Human Flower Project
Artistic Nectar
Wolfgang Laib paints with pollen in Sydney, Australia.
Wolfgang Laib
Photo: JCA Online
The yellow rectangle, radiant but soft around the edges, is reminiscent of Mark Rothko’s pulsing paintings of the 1950s. But this piece is ultra contemporary, made from freshly gathered tree pollen.
Wolfgang Laib’s Pollen from Pine and other works will go on exhibit today at the Art Gallery of New South Wales (Sydney, Australia).
Laib lives in a village of Southern Germany and spends much of the spring and summer months collecting pollen.
“It begins in mid-February with the blossoming of hazelnuts up till August, September. I use my fingers to brush the pollen from the flowers into a jar. It is very simple and with dandelion, for instance, which blossoms in June for about a month I get two big jars. Pines have so much pollen days with a lot of sun and I collect much pollen, and there are cool days, windy days, when I collect very little. After all these months I then have four, five or six jars of three or four different kinds of pollen.”
It took two weeks, Laib said, to gather the pollen for the current piece, Pollen from Pine. Laib smeared the delicious and fragrant grains directly onto the floor of the gallery. His Five Mountains Not to Climb On (Die fünf unbesteigbaren Berge), 1984, consists of mounds of hazelnut pollen arrayed in a line.

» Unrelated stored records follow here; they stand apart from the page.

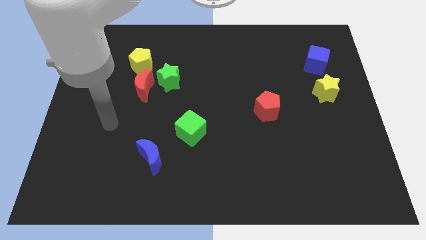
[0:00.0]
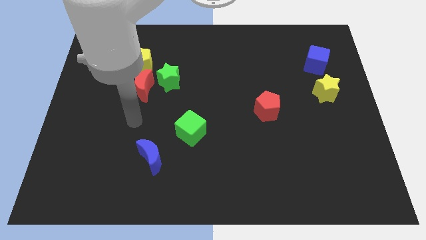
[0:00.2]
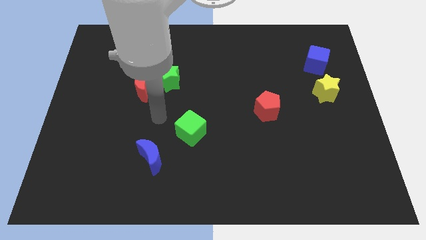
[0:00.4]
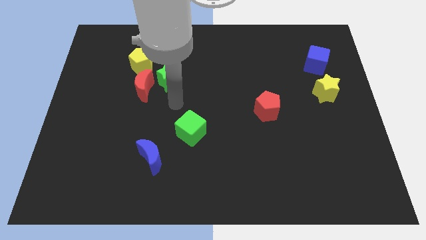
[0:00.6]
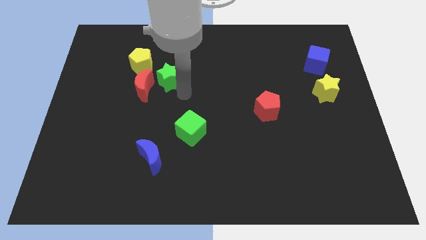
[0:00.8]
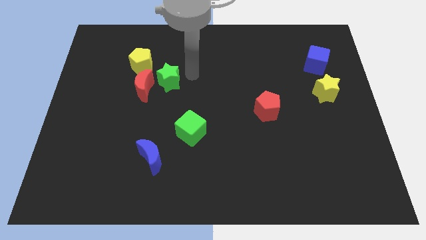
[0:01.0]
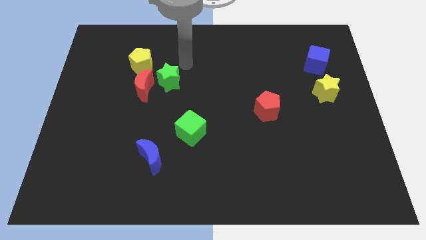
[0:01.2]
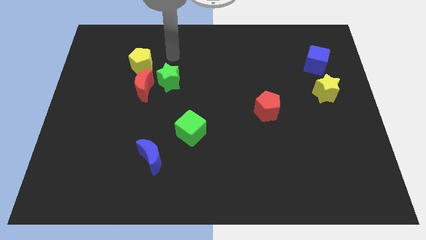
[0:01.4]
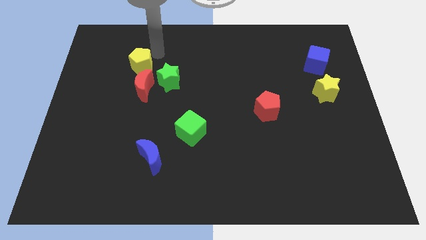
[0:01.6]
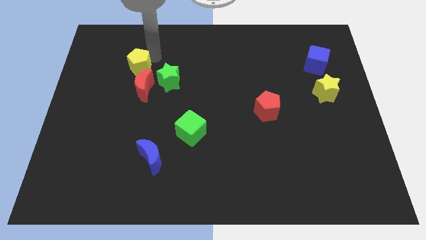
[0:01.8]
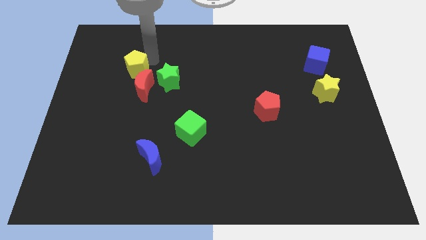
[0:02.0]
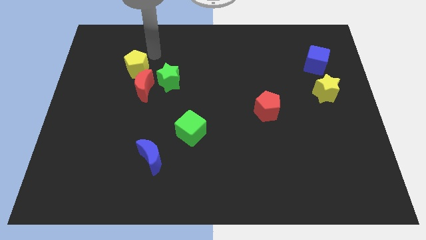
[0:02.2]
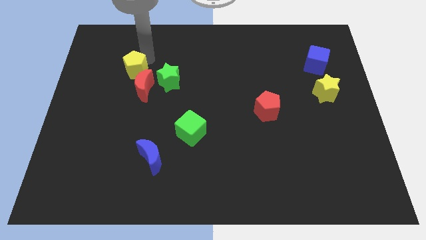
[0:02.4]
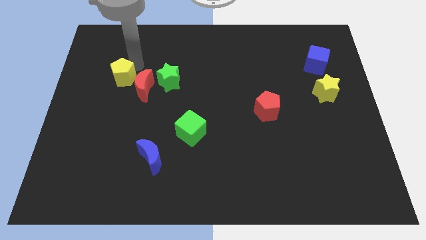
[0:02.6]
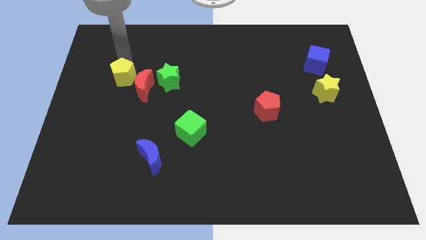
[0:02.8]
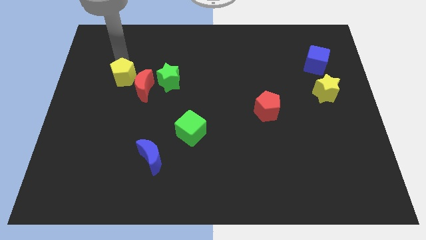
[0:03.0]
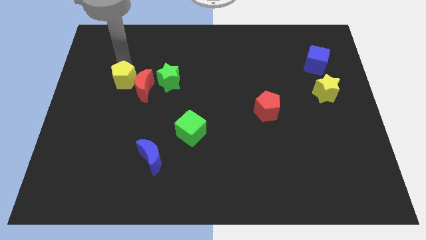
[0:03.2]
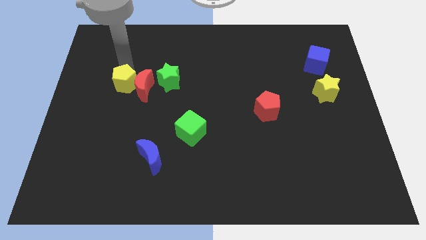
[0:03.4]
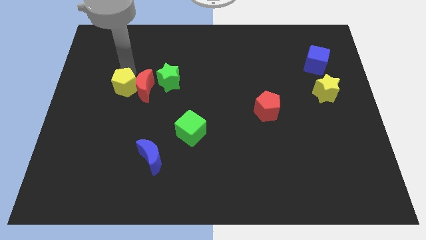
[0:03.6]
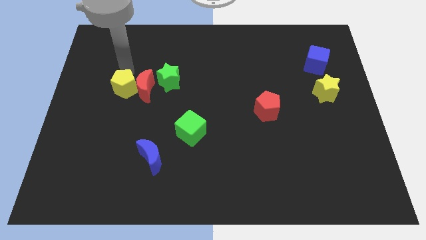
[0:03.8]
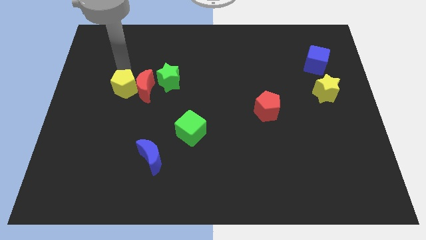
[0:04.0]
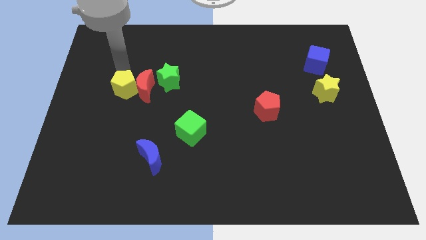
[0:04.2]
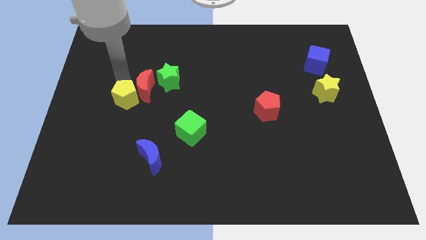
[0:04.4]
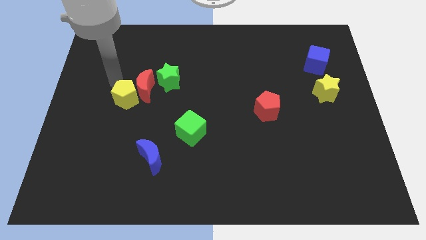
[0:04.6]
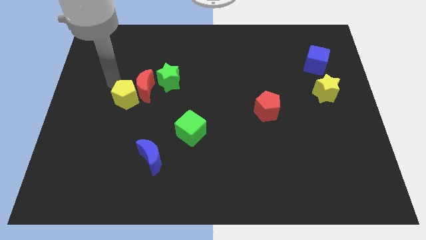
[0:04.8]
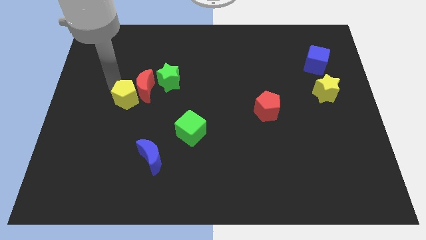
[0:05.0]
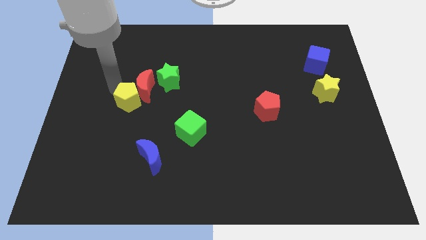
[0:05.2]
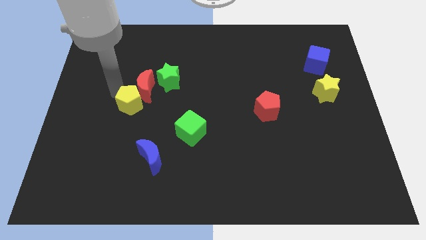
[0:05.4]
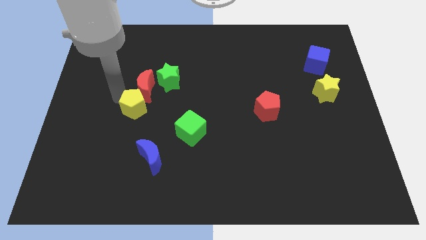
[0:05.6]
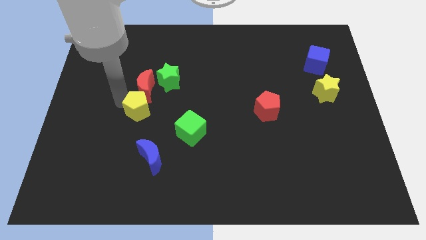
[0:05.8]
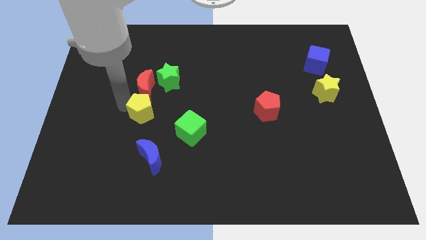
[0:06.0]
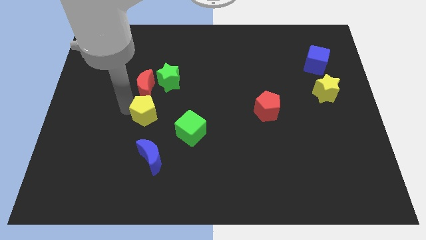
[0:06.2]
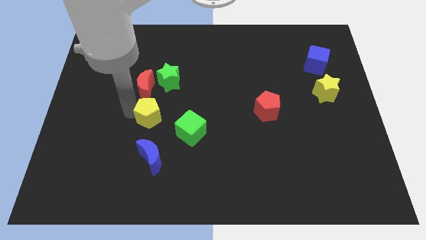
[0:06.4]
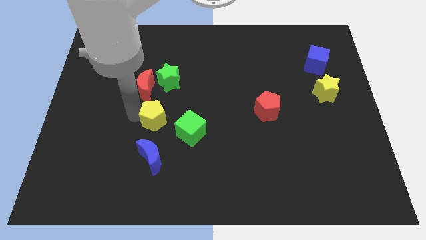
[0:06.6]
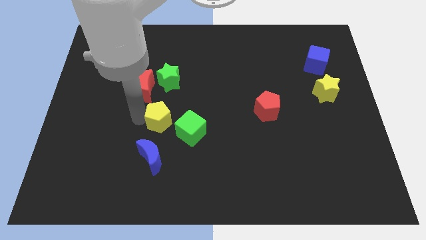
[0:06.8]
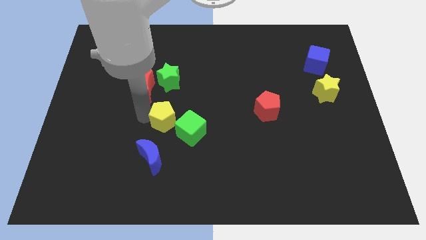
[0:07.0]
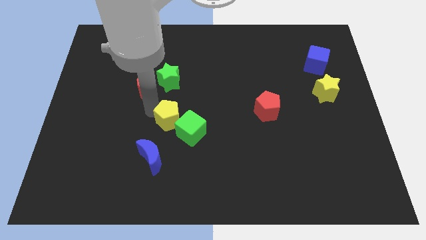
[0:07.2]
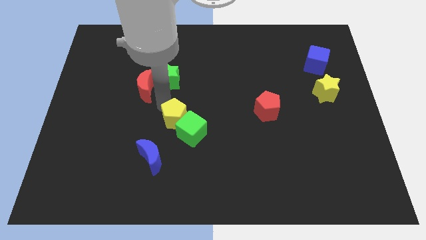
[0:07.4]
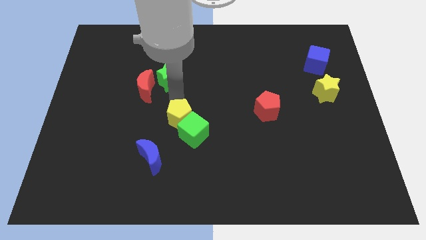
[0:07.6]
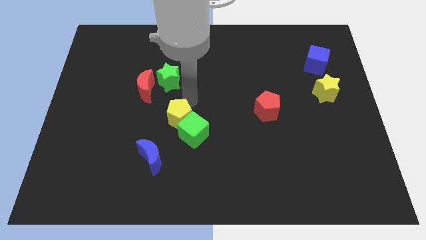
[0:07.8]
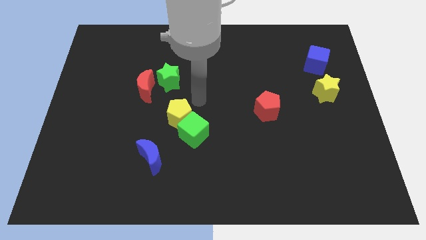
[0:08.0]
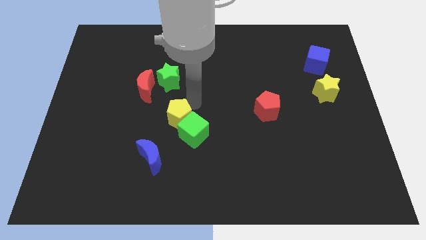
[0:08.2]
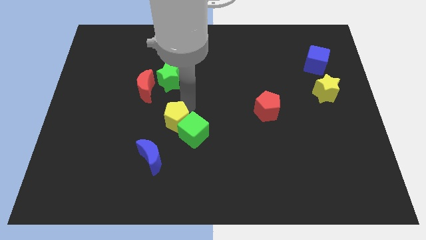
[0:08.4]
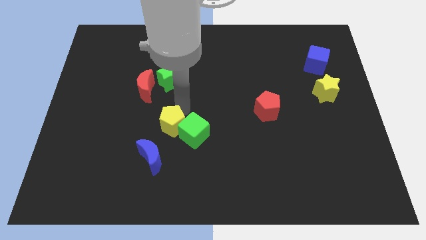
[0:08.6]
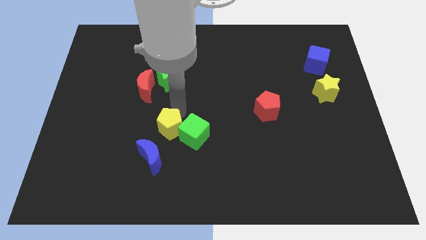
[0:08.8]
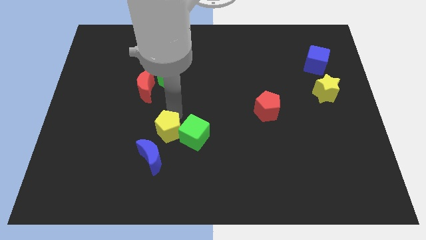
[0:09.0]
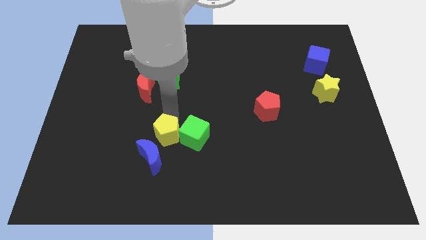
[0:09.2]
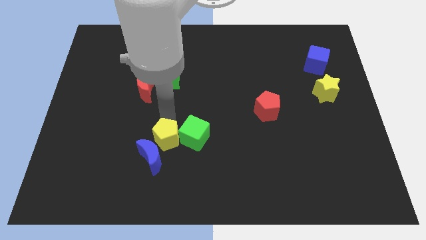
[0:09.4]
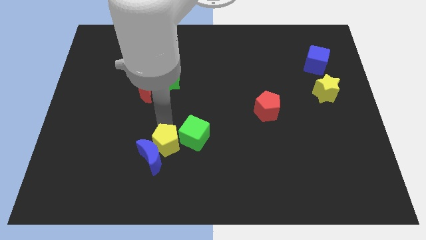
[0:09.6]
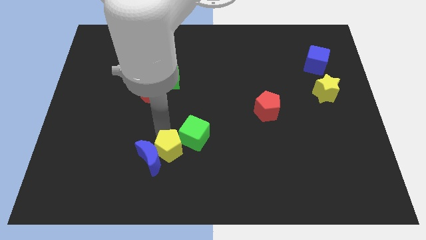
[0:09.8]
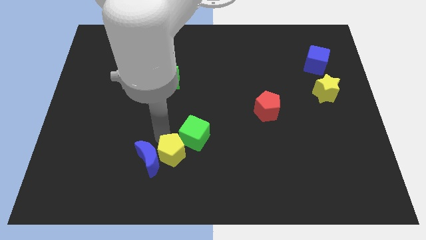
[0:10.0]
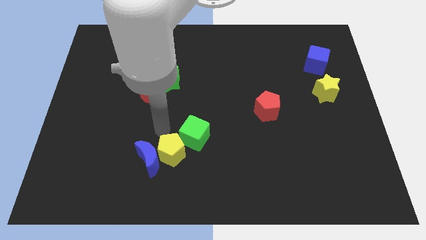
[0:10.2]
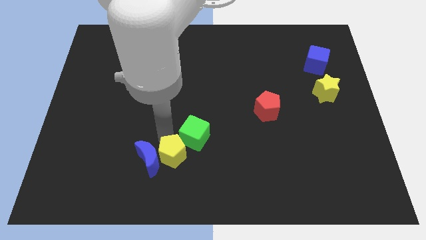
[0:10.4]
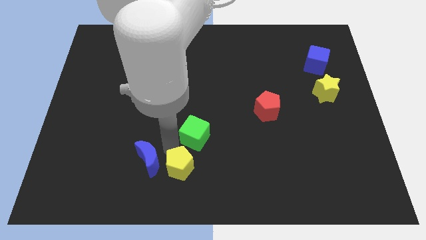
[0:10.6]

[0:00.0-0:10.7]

Five Mountains Not to Climb On, 1984
Wolfgang Laib
Why use pollen? For one, it’s a macho thing. These are, of course, the “male germ seeds of plants.” Using the gold dust of plant procreation is a metaphor for creativity itself. And of course there’s that saturated color, that smell!
We see Wolfgang Laib’s work also in the tradition of Andres Serrano, whose works like “Blood” (1987) and “Piss Christ” (1989) resorted to bodily fluids for immediacy and shock value. In this respect, we consider Laib’s pollen art a delightful advance. Dandelion pollen is so much finer, in our view, than piss (though for those with urinary fixations, dandelion happens to be an excellent diuretic, too.)
Here’s some very basic information about flower pollen in medicine, a schematic piece which includes two new (to us) vocabulary words.
Entomophilous pollen = large grained, sticky, spread by insects
Anemophilous pollen = small grained, light, spread by wind
Perhaps we could fairly call Laib’s pollen art “Homophilous,” spread by human effort and imagination.
The exhibition in Sydney runs through November 6. As always, we appreciate reports from those fortunate enough to see the show.